DATA FOR THE TASK Block Start
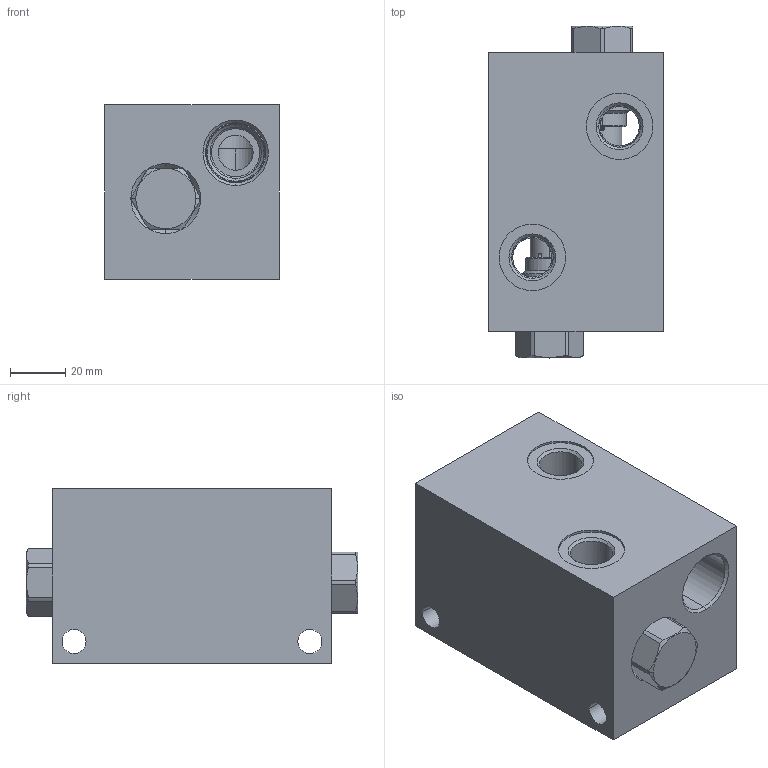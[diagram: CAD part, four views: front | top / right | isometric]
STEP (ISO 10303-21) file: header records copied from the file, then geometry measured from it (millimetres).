
FILE_DESCRIPTION((''),'2;1');
FILE_NAME('E8U_ASM','2019-07-29T',('ProEService'),(''),'PRO/ENGINEER BY PARAMETRIC TECHNOLOGY CORPORATION, 2014200','PRO/ENGINEER BY PARAMETRIC TECHNOLOGY CORPORATION, 2014200','');
FILE_SCHEMA(('CONFIG_CONTROL_DESIGN'));
Length unit declared in the file: inch
Products named in the file (3): 150-839-008; CXDAXCN; E8U_ASM
Assembly tree (3 placements, depth 2):
  E8U_ASM
    150-839-008
    CXDAXCN  x2
Bounding box: 63.5 x 120.68 x 63.5 mm (x, y, z)
Volume: 333026 mm3; surface area: 68041.5 mm2
Topology: 7 solids, 7 shells, 429 faces, 1376 edges, 1117 vertices
Faces by surface type: cylinder 191, cone 92, plane 64, torus 44, bspline 22, revolution 16
Entity records: 17743 total; most frequent: CARTESIAN_POINT 8784, DIRECTION 1873, ORIENTED_EDGE 1426, EDGE_CURVE 713, AXIS2_PLACEMENT_3D 629, VECTOR 607, LINE 607, VERTEX_POINT 432
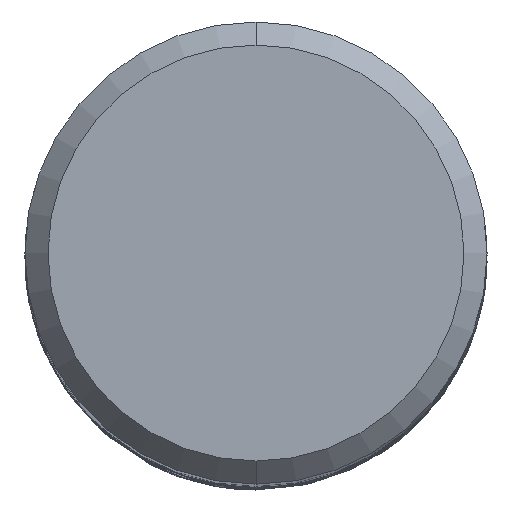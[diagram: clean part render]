
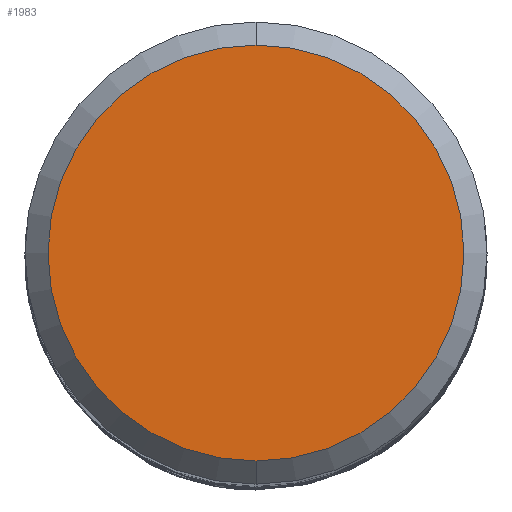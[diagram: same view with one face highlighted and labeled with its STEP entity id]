
A CAD part, top view. The second image highlights one B-rep face of the part: STEP entity #1983.
In plain terms, the highlighted planar face has unit normal (0, 0, 1).
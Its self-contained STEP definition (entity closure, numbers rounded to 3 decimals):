
#1561=VERTEX_POINT('',#3709);
#1565=EDGE_CURVE('',#2507,#1561,#3713,.T.);
#1983=ADVANCED_FACE('',(#4161),#4162,.T.);
#2507=VERTEX_POINT('',#4740);
#2511=EDGE_CURVE('',#1561,#2507,#4744,.T.);
#3709=CARTESIAN_POINT('',(0.,-9.0,0.0));
#3713=CIRCLE('',#10877,9.0);
#4161=FACE_OUTER_BOUND('',#17210,.T.);
#4162=PLANE('',#17211);
#4740=CARTESIAN_POINT('',(0.0,9.0,0.0));
#4744=CIRCLE('',#27349,9.0);
#10877=AXIS2_PLACEMENT_3D('',#37346,#37347,#37348);
#17210=EDGE_LOOP('',(#37796,#37797));
#17211=AXIS2_PLACEMENT_3D('',#37798,#37799,#37800);
#27349=AXIS2_PLACEMENT_3D('',#38498,#38499,#38500);
#37346=CARTESIAN_POINT('',(0.0,0.0,0.0));
#37347=DIRECTION('',(0.0,0.0,-1.0));
#37348=DIRECTION('',(0.0,1.0,0.0));
#37796=ORIENTED_EDGE('',*,*,#1565,.F.);
#37797=ORIENTED_EDGE('',*,*,#2511,.F.);
#37798=CARTESIAN_POINT('',(0.0,4.5,0.0));
#37799=DIRECTION('',(-0.0,0.0,1.0));
#37800=DIRECTION('',(0.0,-1.0,0.0));
#38498=CARTESIAN_POINT('',(0.0,0.0,0.0));
#38499=DIRECTION('',(0.0,0.0,-1.0));
#38500=DIRECTION('',(0.0,1.0,0.0));
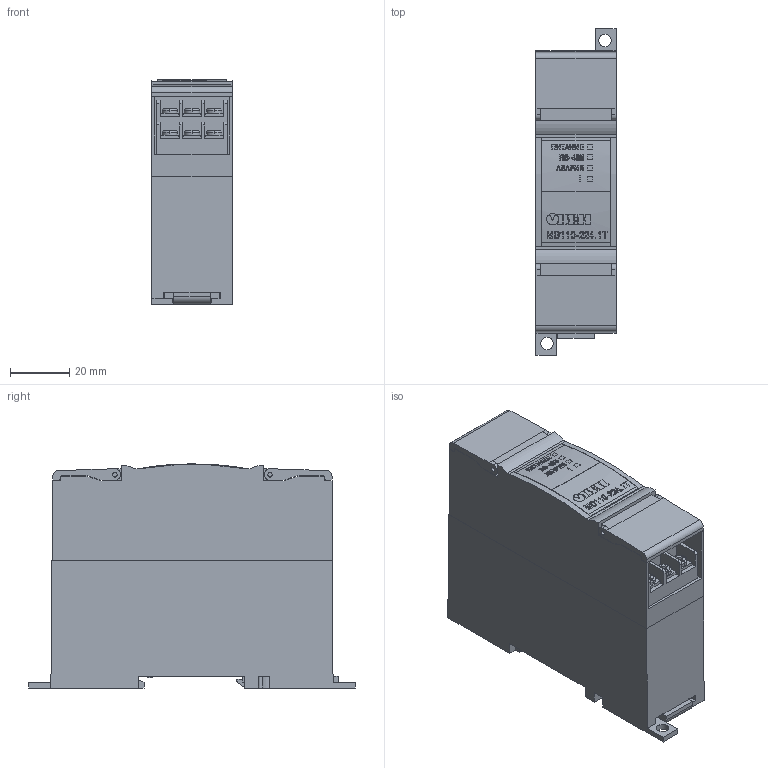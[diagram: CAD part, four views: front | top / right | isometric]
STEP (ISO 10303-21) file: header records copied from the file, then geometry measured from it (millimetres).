
FILE_DESCRIPTION (( 'STEP AP214' ), '1' );
FILE_NAME ('3D ìîäåëü ÌÝ110-224.1Ò (Ì01).STEP', '2021-09-05T19:54:39', ( '' ), ( '' ), 'SwSTEP 2.0', 'SolidWorks 2015', '' );
FILE_SCHEMA (( 'AUTOMOTIVE_DESIGN' ));
Length unit declared in the file: millimetre
Products named in the file (13): 3D ìîäåëü ÌÝ110-224.1Ò (Ì01); 枟謤麃鍒罻2; 枟謤麃鍒罻1; 婰膲僗闉 枎-6; MX110_015FA02M (Ì01); Êðûøêà ïðîçðà÷íàÿ; 抔樦擨鴀 枎-6; Çàæèì êëåììíûé; Âèíò äëÿ ðîçåòêè; ïëàñòèíêà çàæèìíàÿ; Ðîçåòêà ÌÕ - 6; 扻豵鵨_2; 扻豵鵨_1
Assembly tree (19 placements, depth 4):
  3D ìîäåëü ÌÝ110-224.1Ò (Ì01)
    扻豵鵨_1
    扻豵鵨_2
    抔樦擨鴀 枎-6  x2
      Ðîçåòêà ÌÕ - 6
      Çàæèì êëåììíûé
        ïëàñòèíêà çàæèìíàÿ
        Âèíò äëÿ ðîçåòêè
    Êðûøêà ïðîçðà÷íàÿ  x2
    MX110_015FA02M (Ì01)
    婰膲僗闉 枎-6
    枟謤麃鍒罻1
    枟謤麃鍒罻2
Bounding box: 27 x 110 x 75.48 mm (x, y, z)
Volume: 173602.6 mm3; surface area: 45411.3 mm2
Topology: 34 solids, 34 shells, 1399 faces, 3674 edges, 2440 vertices
Faces by surface type: plane 945, cylinder 215, bspline 215, torus 24
Entity records: 49393 total; most frequent: CARTESIAN_POINT 15447, ORIENTED_EDGE 5602, DIRECTION 4325, EDGE_CURVE 2801, VERTEX_POINT 1866, VECTOR 1701, LINE 1701, AXIS2_PLACEMENT_3D 1312
DATA FOR THE TASK Block End
Repeat every record above exactly. Omit the pictures.

[diagram: CAD part, four views: front | top / right | isometric]
STEP (ISO 10303-21) file: header records copied from the file, then geometry measured from it (millimetres).
FILE_DESCRIPTION((''),'2;1');
FILE_NAME('E8U_ASM','2019-07-29T',('ProEService'),(''),'PRO/ENGINEER BY PARAMETRIC TECHNOLOGY CORPORATION, 2014200','PRO/ENGINEER BY PARAMETRIC TECHNOLOGY CORPORATION, 2014200','');
FILE_SCHEMA(('CONFIG_CONTROL_DESIGN'));
Length unit declared in the file: inch
Products named in the file (3): 150-839-008; CXDAXCN; E8U_ASM
Assembly tree (3 placements, depth 2):
  E8U_ASM
    150-839-008
    CXDAXCN  x2
Bounding box: 63.5 x 120.68 x 63.5 mm (x, y, z)
Volume: 333026 mm3; surface area: 68041.5 mm2
Topology: 7 solids, 7 shells, 429 faces, 1376 edges, 1117 vertices
Faces by surface type: cylinder 191, cone 92, plane 64, torus 44, bspline 22, revolution 16
Entity records: 17743 total; most frequent: CARTESIAN_POINT 8784, DIRECTION 1873, ORIENTED_EDGE 1426, EDGE_CURVE 713, AXIS2_PLACEMENT_3D 629, VECTOR 607, LINE 607, VERTEX_POINT 432
[diagram: clean part render]
[diagram: same view with one face highlighted and labeled with its STEP entity id]
A CAD part, top view. The second image highlights one B-rep face of the part: STEP entity #1983.
In plain terms, the highlighted planar face has unit normal (0, 0, 1).
Its self-contained STEP definition (entity closure, numbers rounded to 3 decimals):
#1561=VERTEX_POINT('',#3709);
#1565=EDGE_CURVE('',#2507,#1561,#3713,.T.);
#1983=ADVANCED_FACE('',(#4161),#4162,.T.);
#2507=VERTEX_POINT('',#4740);
#2511=EDGE_CURVE('',#1561,#2507,#4744,.T.);
#3709=CARTESIAN_POINT('',(0.,-9.0,0.0));
#3713=CIRCLE('',#10877,9.0);
#4161=FACE_OUTER_BOUND('',#17210,.T.);
#4162=PLANE('',#17211);
#4740=CARTESIAN_POINT('',(0.0,9.0,0.0));
#4744=CIRCLE('',#27349,9.0);
#10877=AXIS2_PLACEMENT_3D('',#37346,#37347,#37348);
#17210=EDGE_LOOP('',(#37796,#37797));
#17211=AXIS2_PLACEMENT_3D('',#37798,#37799,#37800);
#27349=AXIS2_PLACEMENT_3D('',#38498,#38499,#38500);
#37346=CARTESIAN_POINT('',(0.0,0.0,0.0));
#37347=DIRECTION('',(0.0,0.0,-1.0));
#37348=DIRECTION('',(0.0,1.0,0.0));
#37796=ORIENTED_EDGE('',*,*,#1565,.F.);
#37797=ORIENTED_EDGE('',*,*,#2511,.F.);
#37798=CARTESIAN_POINT('',(0.0,4.5,0.0));
#37799=DIRECTION('',(-0.0,0.0,1.0));
#37800=DIRECTION('',(0.0,-1.0,0.0));
#38498=CARTESIAN_POINT('',(0.0,0.0,0.0));
#38499=DIRECTION('',(0.0,0.0,-1.0));
#38500=DIRECTION('',(0.0,1.0,0.0));
[diagram: CAD part, four views: front | top / right | isometric]
STEP (ISO 10303-21) file: header records copied from the file, then geometry measured from it (millimetres).
FILE_DESCRIPTION (( 'STEP AP214' ), '1' );
FILE_NAME ('3D ìîäåëü ÌÝ110-224.1Ò (Ì01).STEP', '2021-09-05T19:54:39', ( '' ), ( '' ), 'SwSTEP 2.0', 'SolidWorks 2015', '' );
FILE_SCHEMA (( 'AUTOMOTIVE_DESIGN' ));
Length unit declared in the file: millimetre
Products named in the file (13): 3D ìîäåëü ÌÝ110-224.1Ò (Ì01); 枟謤麃鍒罻2; 枟謤麃鍒罻1; 婰膲僗闉 枎-6; MX110_015FA02M (Ì01); Êðûøêà ïðîçðà÷íàÿ; 抔樦擨鴀 枎-6; Çàæèì êëåììíûé; Âèíò äëÿ ðîçåòêè; ïëàñòèíêà çàæèìíàÿ; Ðîçåòêà ÌÕ - 6; 扻豵鵨_2; 扻豵鵨_1
Assembly tree (19 placements, depth 4):
  3D ìîäåëü ÌÝ110-224.1Ò (Ì01)
    扻豵鵨_1
    扻豵鵨_2
    抔樦擨鴀 枎-6  x2
      Ðîçåòêà ÌÕ - 6
      Çàæèì êëåììíûé
        ïëàñòèíêà çàæèìíàÿ
        Âèíò äëÿ ðîçåòêè
    Êðûøêà ïðîçðà÷íàÿ  x2
    MX110_015FA02M (Ì01)
    婰膲僗闉 枎-6
    枟謤麃鍒罻1
    枟謤麃鍒罻2
Bounding box: 27 x 110 x 75.48 mm (x, y, z)
Volume: 173602.6 mm3; surface area: 45411.3 mm2
Topology: 34 solids, 34 shells, 1399 faces, 3674 edges, 2440 vertices
Faces by surface type: plane 945, cylinder 215, bspline 215, torus 24
Entity records: 49393 total; most frequent: CARTESIAN_POINT 15447, ORIENTED_EDGE 5602, DIRECTION 4325, EDGE_CURVE 2801, VERTEX_POINT 1866, VECTOR 1701, LINE 1701, AXIS2_PLACEMENT_3D 1312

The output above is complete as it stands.